On our last day in Chiangmai, we picked our passports from the Chinese embassy, visas are sorted yes! Then went on the hunt to find some US dollars, but it took us seven exchangers to find one who had small notes. (Wanted them for the Laos border crossing but in the end we would have got away with using a big note.) Then had lunch with the little cash we had left, 50baht pp (£1). Headed to chill and pack up our freshly laundered clothes, then out to our favourite thai restaurant Lemongrass. We asked Kat to join us but she was waiting on more guests to arrive.
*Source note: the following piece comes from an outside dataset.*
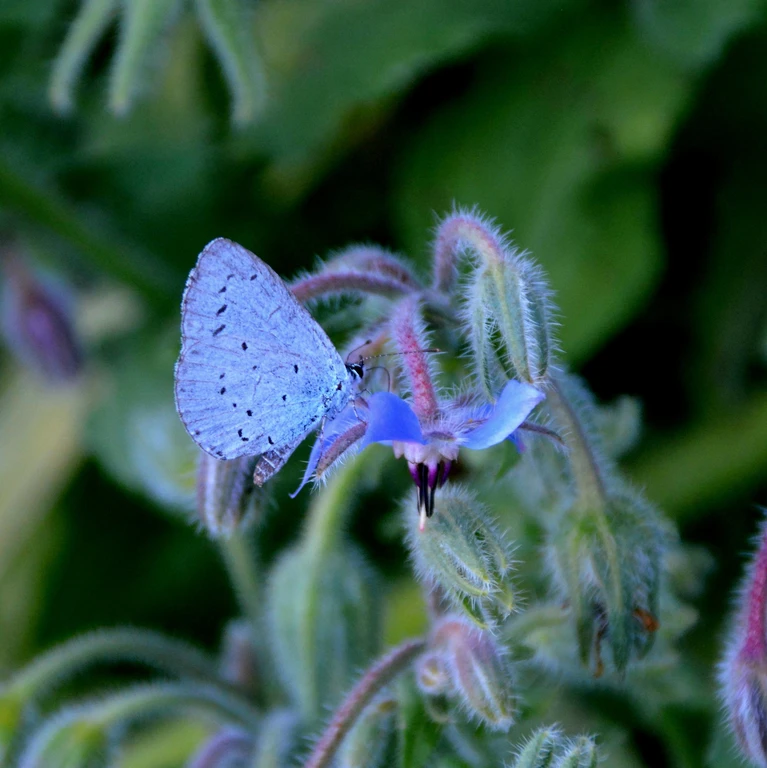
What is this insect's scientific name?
Celastrina argiolus

We met a couple of Australian girls outside Aliza and Georgia, and sat with them to have dinner.
The next morning, we posted our present purses home, using what little baht we had left. Our pickup for the next part of the journey was supposed at 10, but waited 1.5 hours for pick up but meant more time with Kat and Happy the dog. We were truly sad to leave this place. The best hospitality we have received on our whole trip. Thanks Kat, Maew and Happy at Vanillaplace.